- _WHAT IS EXPECTED_
In your reply, repeat the full listing exactly and leave each picture out.

START PROVIDED INFORMATION

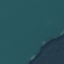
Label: SeaLake
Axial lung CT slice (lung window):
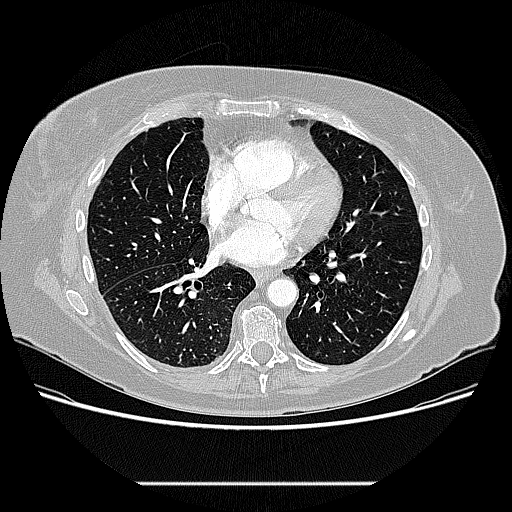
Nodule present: no
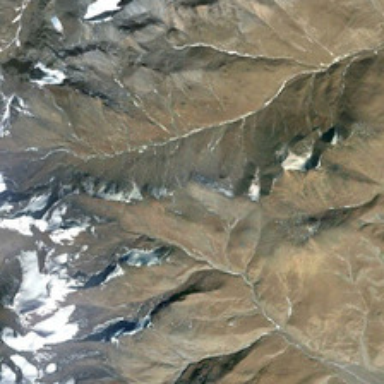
Some white snows cover a small part of khaki mountain .
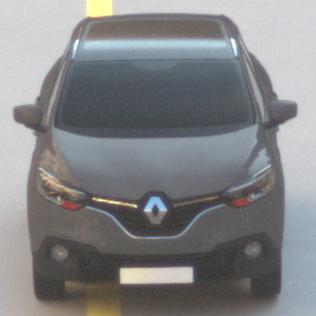
Make: Renault
Model: Kadjar ENERGY TCe 130
Detailed model: Kadjar
Model produced from: 2015/05
Model produced until: 2018/08
Doors: 5
Color: gray
Road condition: dry road
Daytime: morning or afternoon
Contrast: low contrast
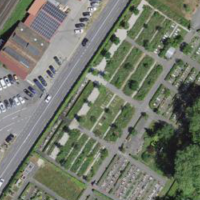
EUNIS habitat code: 54
Species observed at this site:
Aesculus hippocastanum
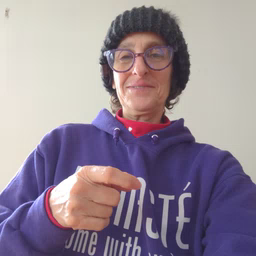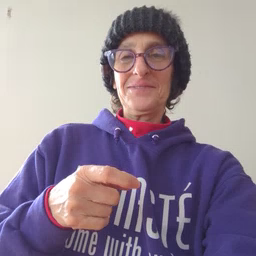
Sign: orange
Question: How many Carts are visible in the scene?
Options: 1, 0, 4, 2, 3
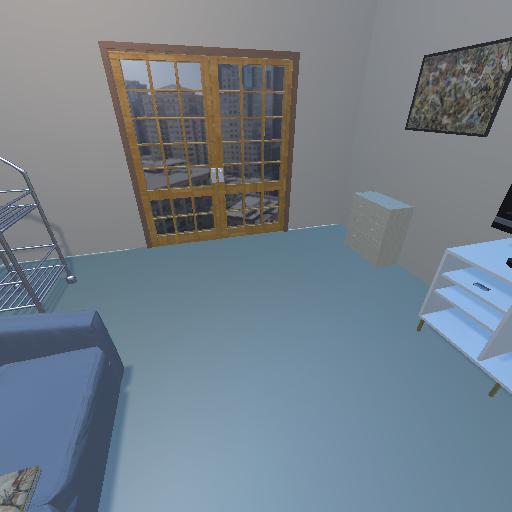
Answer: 1
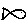
Label: fish
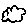
Label: cloud
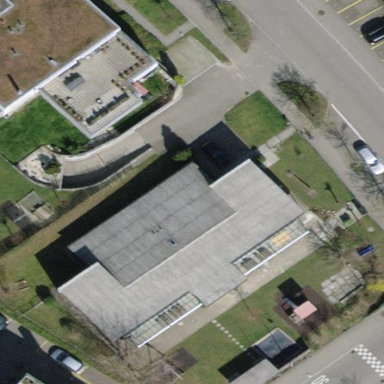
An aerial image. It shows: Kindergarten building that is part of school.
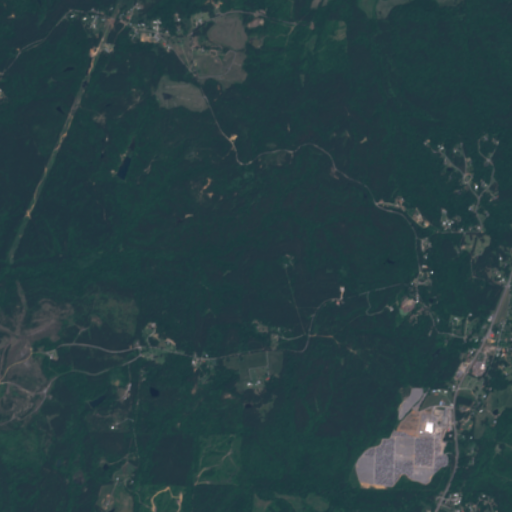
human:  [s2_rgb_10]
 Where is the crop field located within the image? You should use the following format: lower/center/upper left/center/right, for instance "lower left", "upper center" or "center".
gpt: The crop field is located in the upper right of the image.
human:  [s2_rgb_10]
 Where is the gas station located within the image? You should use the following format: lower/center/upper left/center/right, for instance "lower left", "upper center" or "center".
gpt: The gas station is located in the center right of the image.
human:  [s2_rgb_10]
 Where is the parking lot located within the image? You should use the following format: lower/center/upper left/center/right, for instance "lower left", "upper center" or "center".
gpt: The parking lot is located in the center right of the image.
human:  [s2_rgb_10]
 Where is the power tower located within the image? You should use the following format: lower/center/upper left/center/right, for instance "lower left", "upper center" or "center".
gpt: The power tower is located in the left of the image.
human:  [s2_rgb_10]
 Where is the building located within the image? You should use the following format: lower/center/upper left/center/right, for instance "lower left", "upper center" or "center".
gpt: The building is located in the center right of the image.
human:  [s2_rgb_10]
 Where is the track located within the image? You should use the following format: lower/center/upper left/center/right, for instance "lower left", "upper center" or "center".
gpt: There is no track in the image.
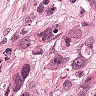
Metastatic tissue present: yes
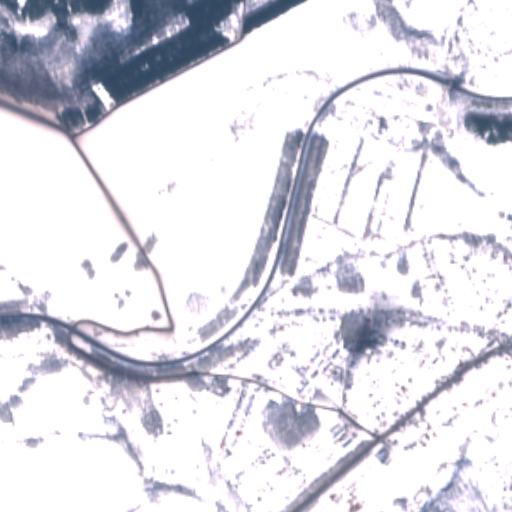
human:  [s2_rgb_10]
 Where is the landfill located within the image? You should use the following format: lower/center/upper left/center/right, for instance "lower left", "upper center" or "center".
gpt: The landfill is located in the lower left of the image.
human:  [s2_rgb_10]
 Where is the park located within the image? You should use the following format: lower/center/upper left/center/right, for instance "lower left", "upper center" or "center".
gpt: The park is located in the lower center of the image.
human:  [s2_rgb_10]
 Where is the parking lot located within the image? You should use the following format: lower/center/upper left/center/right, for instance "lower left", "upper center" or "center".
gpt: The parking lot is located in the lower right of the image.
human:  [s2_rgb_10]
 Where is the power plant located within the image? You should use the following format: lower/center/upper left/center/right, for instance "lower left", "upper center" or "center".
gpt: There is no power plant in the image.
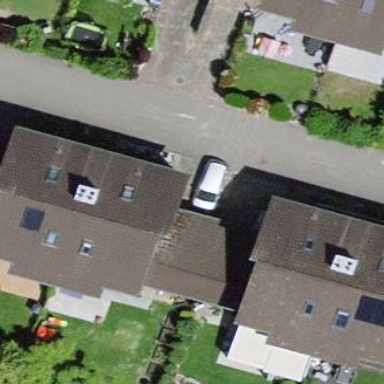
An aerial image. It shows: Semidetached house.
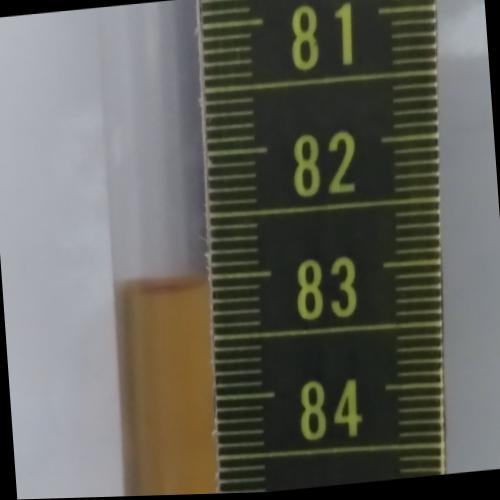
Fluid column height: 83.0 cm
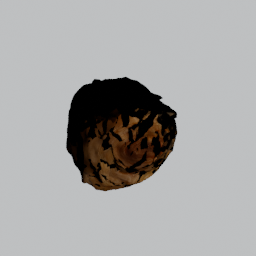
Label: nature
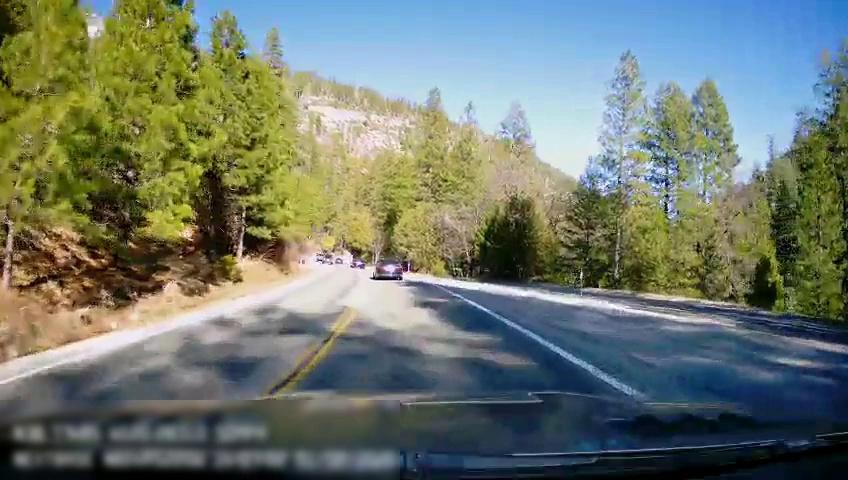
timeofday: Day
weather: Sunny
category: Drivable Space
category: Vehicles | Car
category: Vehicles | SUV
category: Vehicles | Car
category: Lanes | Opposite Lane
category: Lanes | Opposite Lane
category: Lanes | Current Lane
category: Lanes | Current Lane
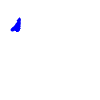
Particle: electron
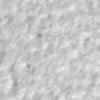
Label: no_change
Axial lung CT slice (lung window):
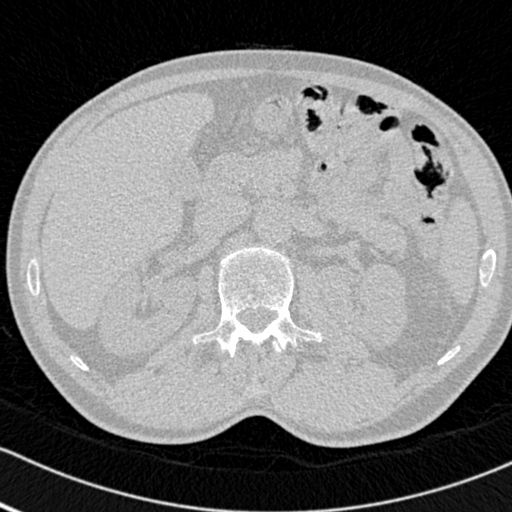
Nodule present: no
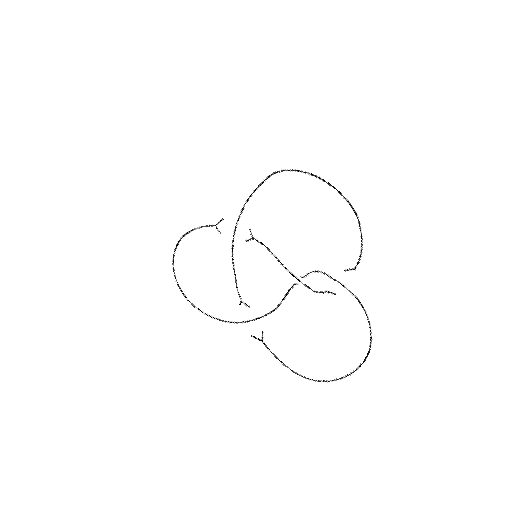
Crossing number: 4

END PROVIDED INFORMATION

- _TASK RESULT_
Label: SeaLake
Axial lung CT slice (lung window):
Nodule present: no
Some white snows cover a small part of khaki mountain .
Make: Renault
Model: Kadjar ENERGY TCe 130
Detailed model: Kadjar
Model produced from: 2015/05
Model produced until: 2018/08
Doors: 5
Color: gray
Road condition: dry road
Daytime: morning or afternoon
Contrast: low contrast
EUNIS habitat code: 54
Species observed at this site:
Aesculus hippocastanum
Sign: orange
Question: How many Carts are visible in the scene?
Options: 1, 0, 4, 2, 3
Answer: 1
Label: fish
Label: cloud
An aerial image. It shows: Kindergarten building that is part of school.
human:  [s2_rgb_10]
 Where is the crop field located within the image? You should use the following format: lower/center/upper left/center/right, for instance "lower left", "upper center" or "center".
gpt: The crop field is located in the upper right of the image.
human:  [s2_rgb_10]
 Where is the gas station located within the image? You should use the following format: lower/center/upper left/center/right, for instance "lower left", "upper center" or "center".
gpt: The gas station is located in the center right of the image.
human:  [s2_rgb_10]
 Where is the parking lot located within the image? You should use the following format: lower/center/upper left/center/right, for instance "lower left", "upper center" or "center".
gpt: The parking lot is located in the center right of the image.
human:  [s2_rgb_10]
 Where is the power tower located within the image? You should use the following format: lower/center/upper left/center/right, for instance "lower left", "upper center" or "center".
gpt: The power tower is located in the left of the image.
human:  [s2_rgb_10]
 Where is the building located within the image? You should use the following format: lower/center/upper left/center/right, for instance "lower left", "upper center" or "center".
gpt: The building is located in the center right of the image.
human:  [s2_rgb_10]
 Where is the track located within the image? You should use the following format: lower/center/upper left/center/right, for instance "lower left", "upper center" or "center".
gpt: There is no track in the image.
Metastatic tissue present: yes
human:  [s2_rgb_10]
 Where is the landfill located within the image? You should use the following format: lower/center/upper left/center/right, for instance "lower left", "upper center" or "center".
gpt: The landfill is located in the lower left of the image.
human:  [s2_rgb_10]
 Where is the park located within the image? You should use the following format: lower/center/upper left/center/right, for instance "lower left", "upper center" or "center".
gpt: The park is located in the lower center of the image.
human:  [s2_rgb_10]
 Where is the parking lot located within the image? You should use the following format: lower/center/upper left/center/right, for instance "lower left", "upper center" or "center".
gpt: The parking lot is located in the lower right of the image.
human:  [s2_rgb_10]
 Where is the power plant located within the image? You should use the following format: lower/center/upper left/center/right, for instance "lower left", "upper center" or "center".
gpt: There is no power plant in the image.
An aerial image. It shows: Semidetached house.
Fluid column height: 83.0 cm
Label: nature
timeofday: Day
weather: Sunny
category: Drivable Space
category: Vehicles | Car
category: Vehicles | SUV
category: Vehicles | Car
category: Lanes | Opposite Lane
category: Lanes | Opposite Lane
category: Lanes | Current Lane
category: Lanes | Current Lane
Particle: electron
Label: no_change
Axial lung CT slice (lung window):
Nodule present: no
Crossing number: 4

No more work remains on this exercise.